É possível obrigar a operadora de plano de saúde a fornecer medicamento à base de canabidiol, de uso domiciliar e não previsto no rol da ANS, para beneficiário com transtorno do espectro autista?
A controvérsia jurídica em exame diz respeito à obrigatoriedade, ou não, de cobertura por parte das operadoras de planos de saúde de medicamentos à base de canabidiol, de uso domiciliar, não previstos no rol da Agência Nacional de Saúde Suplementar, quando prescritos para tratamento de beneficiários diagnosticados com transtorno do espectro autista. A matéria exige análise da Lei n. 9.656/1998, das normas regulamentares da ANS e da jurisprudência do STJ.
Nos termos do art. 10, VI, da Lei n. 9.656/1998, os medicamentos de uso domiciliar não estão abrangidos pela cobertura obrigatória dos planos de saúde, salvo nas hipóteses excepcionais previstas na própria lei, no contrato ou em norma regulamentar. Tal exclusão decorre de expressa opção legislativa, a qual visa delimitar a obrigação assistencial das operadoras privadas.
Posteriormente, o § 13 do referido artigo foi introduzido para impor a cobertura de procedimentos não incluídos no rol da ANS, desde que indispensáveis à manutenção da saúde do beneficiário e reconhecidos pela medicina baseada em evidências. Contudo, conforme reiteradamente pontuado pelo STJ, essa regra não se sobrepõe às exceções normativas previstas nos incisos do caput do art. 10. Assim, a cobertura de medicamentos de uso domiciliar continua condicionada à existência de previsão legal, contratual ou normativa específica (REsp 2.071.955/RS, DJe 7/3/2024).

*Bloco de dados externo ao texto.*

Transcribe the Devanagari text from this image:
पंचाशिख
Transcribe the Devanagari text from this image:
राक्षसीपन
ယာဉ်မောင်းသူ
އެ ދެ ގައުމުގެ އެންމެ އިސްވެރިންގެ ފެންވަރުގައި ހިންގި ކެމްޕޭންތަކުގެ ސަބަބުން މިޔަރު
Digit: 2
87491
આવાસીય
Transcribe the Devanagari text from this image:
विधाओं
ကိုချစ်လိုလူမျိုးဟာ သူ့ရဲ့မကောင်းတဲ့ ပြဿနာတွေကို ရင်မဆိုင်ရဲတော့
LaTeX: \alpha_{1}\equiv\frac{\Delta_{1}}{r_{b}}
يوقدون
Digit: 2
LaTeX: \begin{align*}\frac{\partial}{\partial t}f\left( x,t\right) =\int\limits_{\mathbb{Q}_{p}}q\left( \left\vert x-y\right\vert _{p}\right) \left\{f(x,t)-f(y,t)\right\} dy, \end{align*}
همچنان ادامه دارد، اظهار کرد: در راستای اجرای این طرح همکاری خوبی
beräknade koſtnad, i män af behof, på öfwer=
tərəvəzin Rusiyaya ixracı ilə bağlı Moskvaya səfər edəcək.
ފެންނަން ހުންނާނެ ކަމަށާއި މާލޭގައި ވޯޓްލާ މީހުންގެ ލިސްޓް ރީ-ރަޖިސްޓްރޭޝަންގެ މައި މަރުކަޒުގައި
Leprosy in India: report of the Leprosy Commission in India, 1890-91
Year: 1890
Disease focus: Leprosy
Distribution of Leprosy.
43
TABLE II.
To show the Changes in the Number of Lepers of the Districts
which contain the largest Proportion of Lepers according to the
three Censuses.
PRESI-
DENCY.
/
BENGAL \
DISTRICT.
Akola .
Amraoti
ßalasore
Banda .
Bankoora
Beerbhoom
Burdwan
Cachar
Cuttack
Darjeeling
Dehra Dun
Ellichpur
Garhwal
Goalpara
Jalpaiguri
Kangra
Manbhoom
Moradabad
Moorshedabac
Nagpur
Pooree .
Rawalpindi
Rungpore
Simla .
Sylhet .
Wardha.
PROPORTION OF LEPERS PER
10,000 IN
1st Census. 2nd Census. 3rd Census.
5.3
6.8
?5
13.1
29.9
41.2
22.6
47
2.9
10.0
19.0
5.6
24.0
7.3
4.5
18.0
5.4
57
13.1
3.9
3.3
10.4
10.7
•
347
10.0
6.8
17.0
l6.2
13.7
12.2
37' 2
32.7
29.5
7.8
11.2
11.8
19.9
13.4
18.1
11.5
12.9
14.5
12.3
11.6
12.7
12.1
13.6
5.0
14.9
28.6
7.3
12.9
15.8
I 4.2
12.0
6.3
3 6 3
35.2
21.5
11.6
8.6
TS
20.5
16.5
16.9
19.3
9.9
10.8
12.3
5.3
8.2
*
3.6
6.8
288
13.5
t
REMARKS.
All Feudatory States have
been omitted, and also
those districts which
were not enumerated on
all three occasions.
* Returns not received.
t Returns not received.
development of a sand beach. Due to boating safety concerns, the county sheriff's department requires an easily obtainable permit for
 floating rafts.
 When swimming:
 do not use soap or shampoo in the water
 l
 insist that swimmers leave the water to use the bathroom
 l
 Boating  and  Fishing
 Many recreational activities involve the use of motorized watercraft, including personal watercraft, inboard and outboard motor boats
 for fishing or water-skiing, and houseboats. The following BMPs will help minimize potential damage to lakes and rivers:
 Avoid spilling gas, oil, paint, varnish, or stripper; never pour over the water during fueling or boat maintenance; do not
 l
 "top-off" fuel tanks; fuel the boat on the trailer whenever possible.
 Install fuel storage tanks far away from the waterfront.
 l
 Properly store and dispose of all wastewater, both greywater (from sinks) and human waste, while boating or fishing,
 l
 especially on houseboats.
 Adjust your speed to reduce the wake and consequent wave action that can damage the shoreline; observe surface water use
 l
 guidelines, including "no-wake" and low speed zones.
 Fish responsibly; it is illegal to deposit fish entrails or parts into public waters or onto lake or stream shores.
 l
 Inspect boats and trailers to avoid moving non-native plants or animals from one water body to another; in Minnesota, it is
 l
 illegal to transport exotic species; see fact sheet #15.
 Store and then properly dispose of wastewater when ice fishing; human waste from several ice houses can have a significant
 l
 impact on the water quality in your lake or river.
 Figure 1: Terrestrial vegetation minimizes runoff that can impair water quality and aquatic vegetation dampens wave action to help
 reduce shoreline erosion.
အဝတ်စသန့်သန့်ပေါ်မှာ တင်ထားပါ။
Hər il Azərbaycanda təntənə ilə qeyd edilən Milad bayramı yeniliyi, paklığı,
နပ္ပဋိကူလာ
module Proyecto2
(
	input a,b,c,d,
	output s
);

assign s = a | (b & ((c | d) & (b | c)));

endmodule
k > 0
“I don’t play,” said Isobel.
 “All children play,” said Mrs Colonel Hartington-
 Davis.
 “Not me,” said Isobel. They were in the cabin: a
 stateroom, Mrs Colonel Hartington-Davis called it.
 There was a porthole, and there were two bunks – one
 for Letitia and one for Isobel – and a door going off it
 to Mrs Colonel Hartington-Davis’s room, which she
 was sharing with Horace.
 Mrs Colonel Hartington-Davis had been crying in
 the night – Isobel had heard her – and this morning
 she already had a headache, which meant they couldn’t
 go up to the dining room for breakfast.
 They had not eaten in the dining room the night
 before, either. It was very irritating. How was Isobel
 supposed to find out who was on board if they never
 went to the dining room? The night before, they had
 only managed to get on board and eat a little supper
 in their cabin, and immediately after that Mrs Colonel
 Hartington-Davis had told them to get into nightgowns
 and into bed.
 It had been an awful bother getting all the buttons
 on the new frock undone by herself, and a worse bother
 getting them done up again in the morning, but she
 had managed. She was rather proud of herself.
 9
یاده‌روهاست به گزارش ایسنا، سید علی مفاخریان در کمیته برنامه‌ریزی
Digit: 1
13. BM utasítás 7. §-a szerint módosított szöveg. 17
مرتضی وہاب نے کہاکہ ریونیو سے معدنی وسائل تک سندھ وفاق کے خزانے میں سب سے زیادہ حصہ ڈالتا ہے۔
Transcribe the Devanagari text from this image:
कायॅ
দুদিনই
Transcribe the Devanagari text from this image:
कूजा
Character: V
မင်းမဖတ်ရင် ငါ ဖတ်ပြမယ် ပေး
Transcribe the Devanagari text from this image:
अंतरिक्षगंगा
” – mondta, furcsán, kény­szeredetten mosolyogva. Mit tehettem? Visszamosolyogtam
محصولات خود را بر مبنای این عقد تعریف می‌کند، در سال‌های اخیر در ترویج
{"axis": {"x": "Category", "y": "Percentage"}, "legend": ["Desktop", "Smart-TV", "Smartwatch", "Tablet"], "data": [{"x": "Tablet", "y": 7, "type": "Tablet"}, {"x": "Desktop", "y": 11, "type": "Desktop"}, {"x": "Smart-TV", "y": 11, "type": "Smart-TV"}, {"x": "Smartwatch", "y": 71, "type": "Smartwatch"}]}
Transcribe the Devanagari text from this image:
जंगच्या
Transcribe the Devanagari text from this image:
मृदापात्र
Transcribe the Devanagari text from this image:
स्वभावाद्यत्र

A jurisprudência tem reconhecido a obrigatoriedade de fornecimento de canabidiol em casos nos quais a medicação é administrada em ambiente hospitalar, durante internação ou quando exige intervenção profissional direta (REsp 1.927.566/RS e AgInt nos EREsp 1.895.659/PR). Entretanto, não há jurisprudência consolidada no sentido de impor cobertura obrigatória quando se tratar de administração autônoma em domicílio, sem os requisitos legais e normativos acima mencionados.
Embora o medicamento à base de canabidiol possa ter eficácia comprovada, sua forma de administração (domiciliar e sem supervisão especializada) o enquadra na vedação do art. 10, VI, da Lei dos Planos de Saúde. O argumento de que se trata de medicamento diferenciado, por não ser de comercialização ampla, não afasta o seu enquadramento jurídico como de uso domiciliar, o qual é definido pela forma de administração, e não pelo canal de aquisição.
Importa ainda destacar que a regulamentação sobre o tema se encontra em processo de evolução legislativa, sendo relevante mencionar o Projeto de Lei n. 89/2023, em trâmite no Senado Federal, que visa à inclusão de medicamentos derivados do canabidiol na lista de fornecimento obrigatório pelo SUS.
Nesse sentido, a operadora de plano de saúde não está obrigada a fornecer medicamento à base de canabidiol de uso domiciliar, não previsto no rol da ANS, salvo se houver previsão legal, contratual ou normativa que excepcione expressamente a exclusão contida no art. 10, VI, da Lei n. 9.656/1998.
RESUMO: É lícita a negativa de cobertura por operadora do plano de saúde de medicamento de uso domiciliar à base de canabidiol não listado no rol da ANS.
Processo em segredo de justiça, Rel. Ministra Nancy Andrighi, Terceira Turma, por unanimidade, julgado em 17/6/2025.